Hurricane Alex was the first Atlantic hurricane to occur in January since Hurricane Alice of 1954–1955. Alex originated as a non-tropical low near the Bahamas on January 7, 2016. Initially traveling northeast, the system passed by Bermuda on January8 before turning southeast and deepening. It briefly acquired hurricane-force winds by January 10, then weakened slightly before curving towards the east and later northeast. Acquiring more tropical weather characteristics over time, the system transitioned into a subtropical cyclone well south of the Azores on January 12, becoming the first North Atlantic tropical or subtropical cyclone in January since Tropical Storm Zeta of 2005–2006. Alex continued to develop tropical features while turning north-northeast, and transitioned into a fully tropical cyclone on January 14. The cyclone peaked in strength as a Category1 hurricane on the Saffir–Simpson scale (SSHWS), with maximum sustained winds of 85mph (140km/h) and a central pressure of 981mbar (hPa; 28.97inHg). Alex weakened to a high-end tropical storm before making landfall on Terceira Island on January 15. By that time, the storm was losing its tropical characteristics; it fully transitioned back into a non-tropical cyclone several hours after moving away from the Azores. Alex ultimately merged with another cyclone over the Labrador Sea on January 17.

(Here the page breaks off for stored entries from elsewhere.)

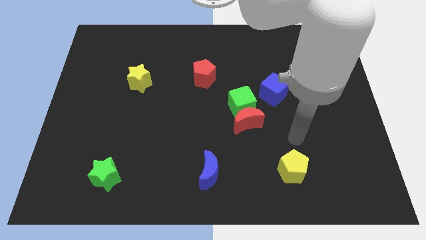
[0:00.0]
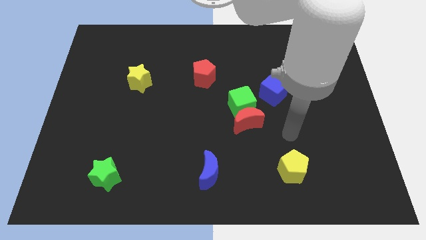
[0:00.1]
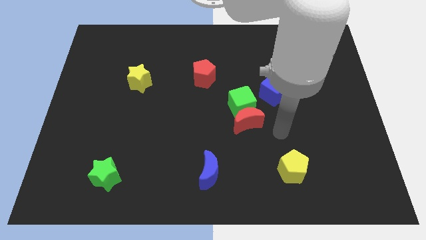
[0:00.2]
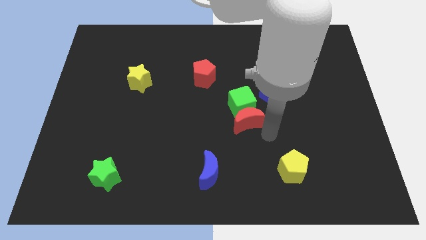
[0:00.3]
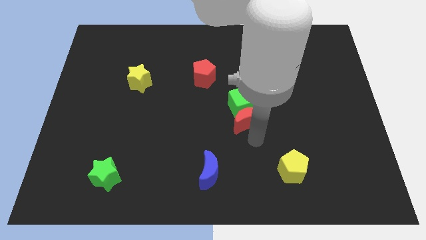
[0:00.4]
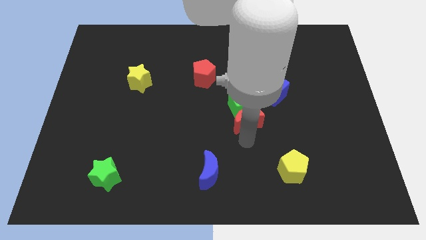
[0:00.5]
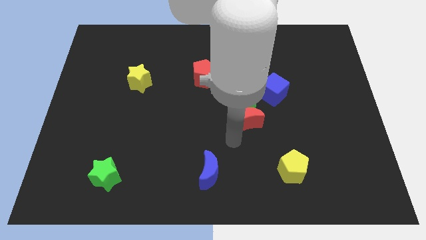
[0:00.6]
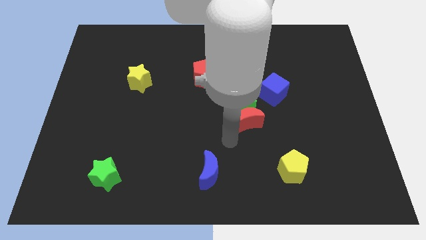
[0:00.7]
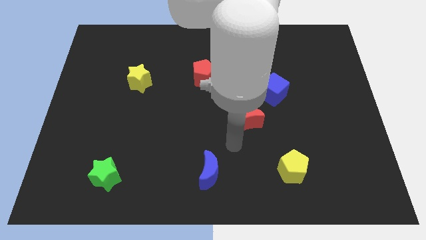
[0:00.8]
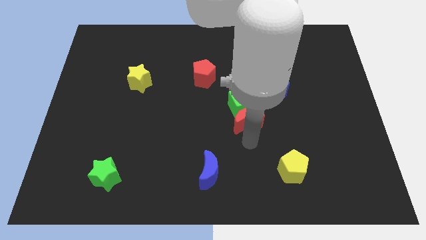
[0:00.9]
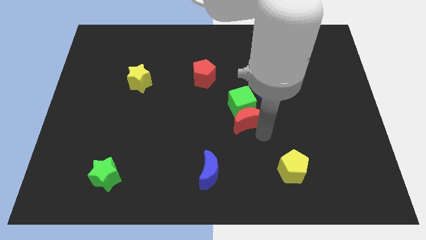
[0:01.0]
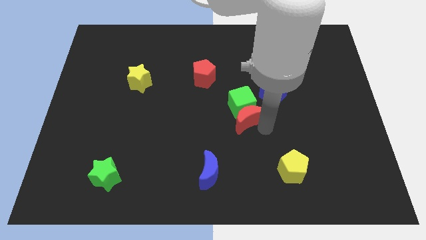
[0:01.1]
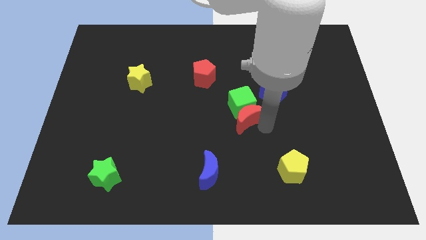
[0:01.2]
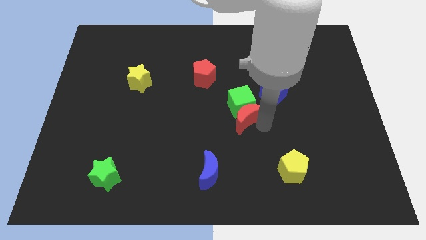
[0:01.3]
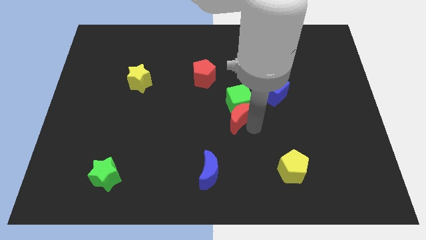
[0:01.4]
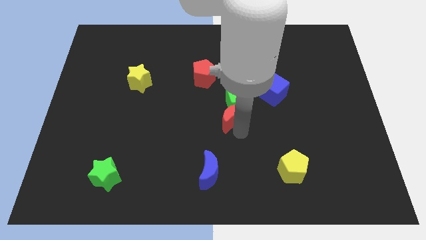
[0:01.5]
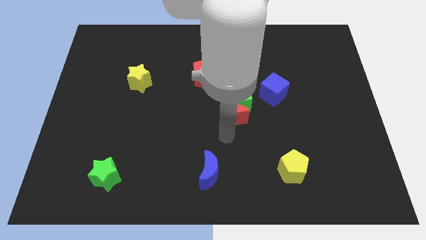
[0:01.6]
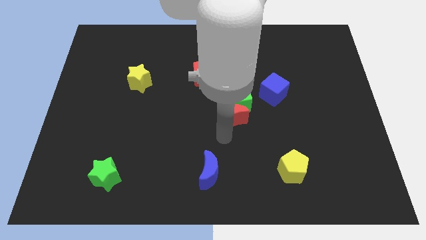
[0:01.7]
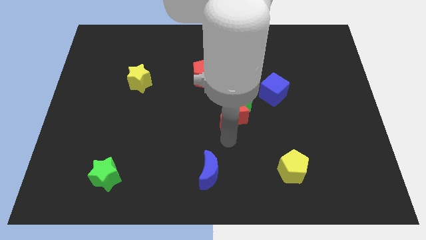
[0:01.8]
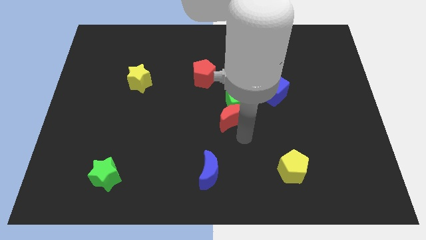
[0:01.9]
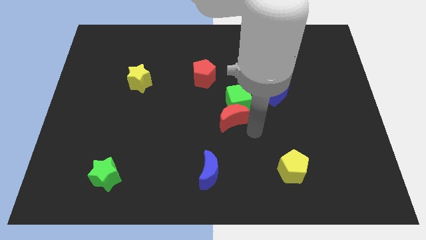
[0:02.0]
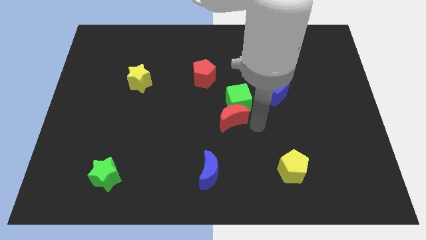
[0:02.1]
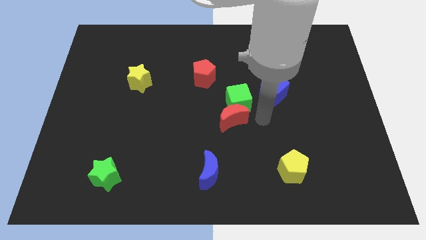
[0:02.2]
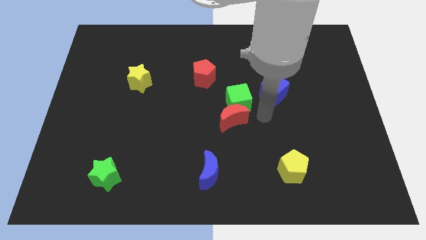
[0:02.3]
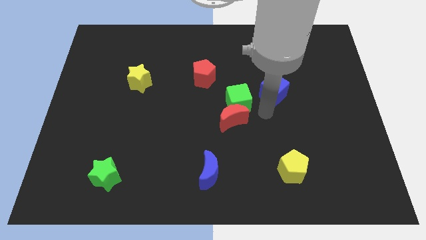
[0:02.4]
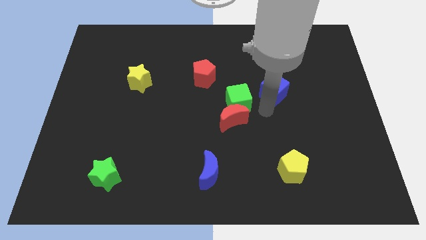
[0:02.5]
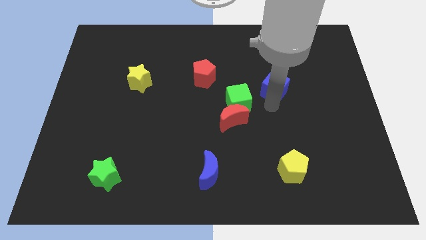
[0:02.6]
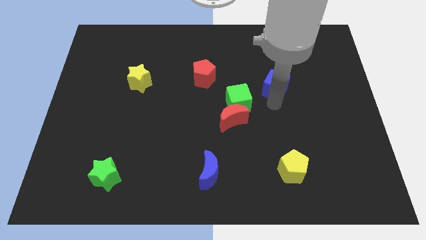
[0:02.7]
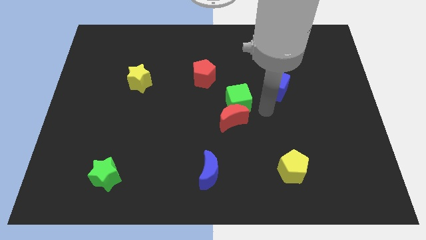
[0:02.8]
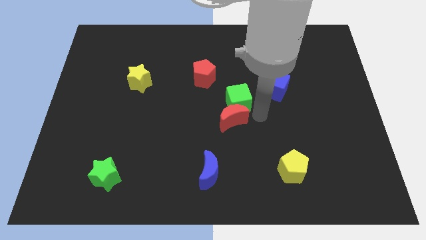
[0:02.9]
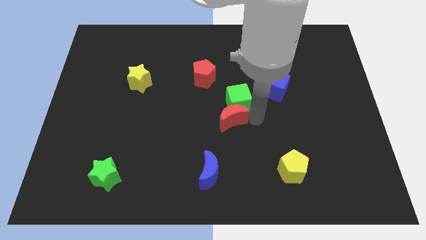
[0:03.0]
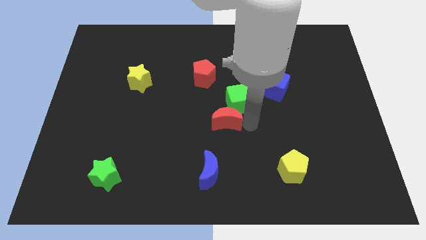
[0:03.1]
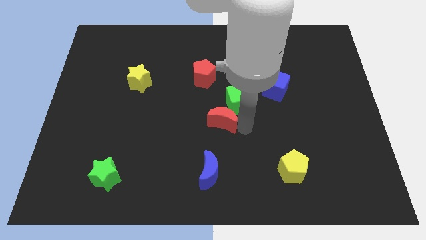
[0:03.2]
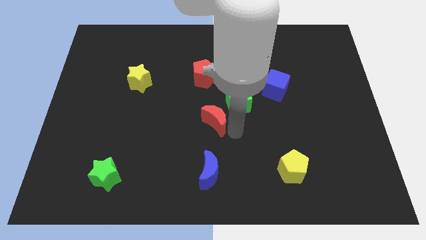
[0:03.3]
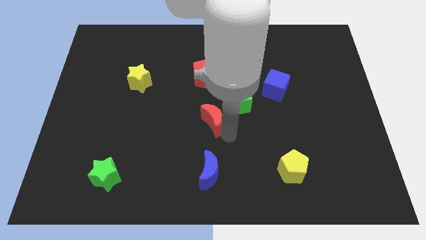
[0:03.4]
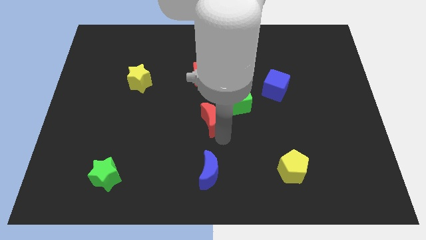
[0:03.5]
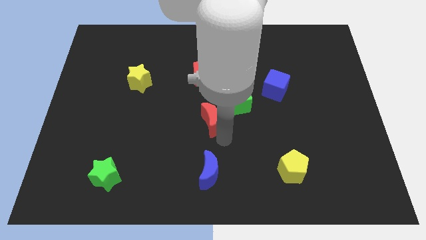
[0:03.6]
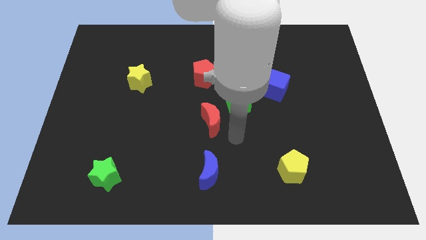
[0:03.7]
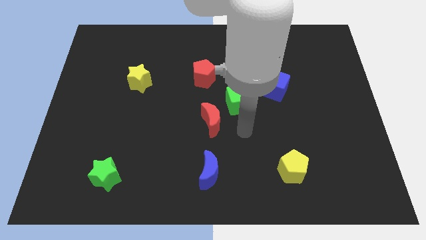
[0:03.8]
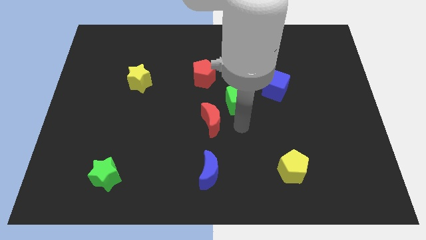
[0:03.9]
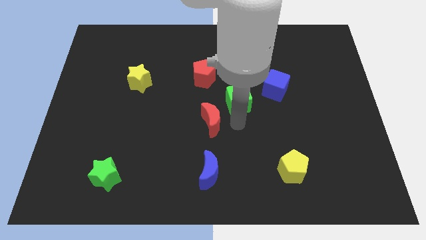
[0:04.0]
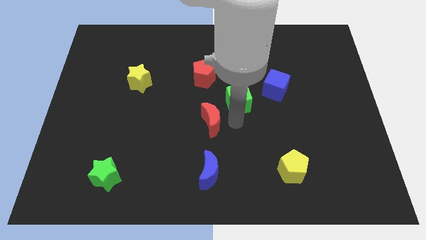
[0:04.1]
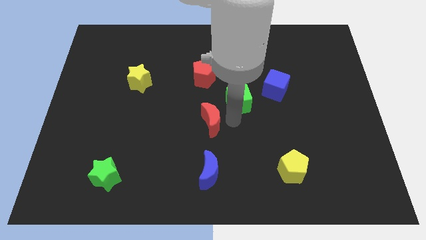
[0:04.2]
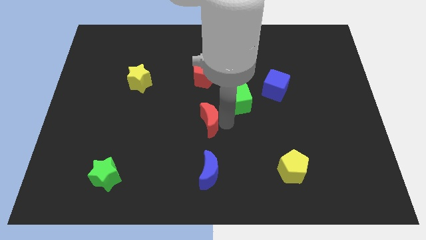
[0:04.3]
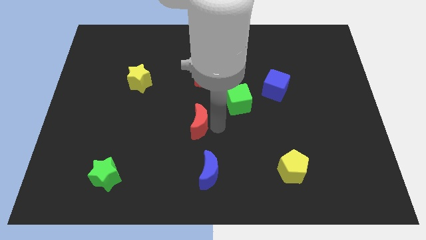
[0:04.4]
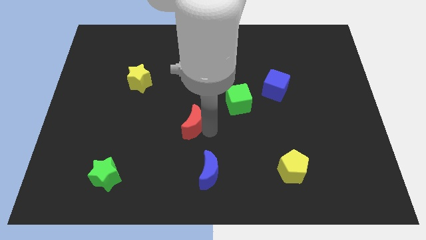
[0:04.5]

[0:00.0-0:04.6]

The precursor cyclone to Hurricane Alex brought stormy conditions to Bermuda from January7 to 9. On its approach, the hurricane prompted hurricane and tropical storm warnings and the closure of schools and businesses for the Azores. Alex brought gusty winds and heavy rain to the archipelago, though structural damage was generally minor. One person died of a heart attack because the inclement weather prevented them from being transported to hospital in time.

Background and records

As currently defined, the Atlantic hurricane season lasts from June1 to November 30, the period in which tropical cyclones are most likely to develop across the basin. Occasionally, systems develop outside these seasons, most frequently in May or December. Activity in January is extremely rare; only five systems other than Alex have been recorded since 1851: an unnamed hurricane in 1938, an unnamed tropical storm in 1951, Hurricane Alice in 1954–55, an unnamed subtropical storm in 1978, and Tropical Storm Zeta in 2005–06. Because Alice formed in December 1954 and persisted into January 1955, Alex is only the second hurricane after the unnamed storm of 1938 to originate within January.

Alex's landfall on Terceira as a strong tropical storm marked only the second such occurrence for an Atlantic tropical cyclone in Januaryafter Hurricane Alice of 1955, which made landfall on the islands of Saint Martin and Saba. Equally unseasonable at the time of its formation was its location: Alex became only the second hurricane on record to form north of 30°N and east of 30°W. Alex was the first hurricane to impact the Azores since Hurricane Gordon in 2012, and the only recorded hurricane to track within 230mi (370km) of the Azores outside the usual activity period between August and September.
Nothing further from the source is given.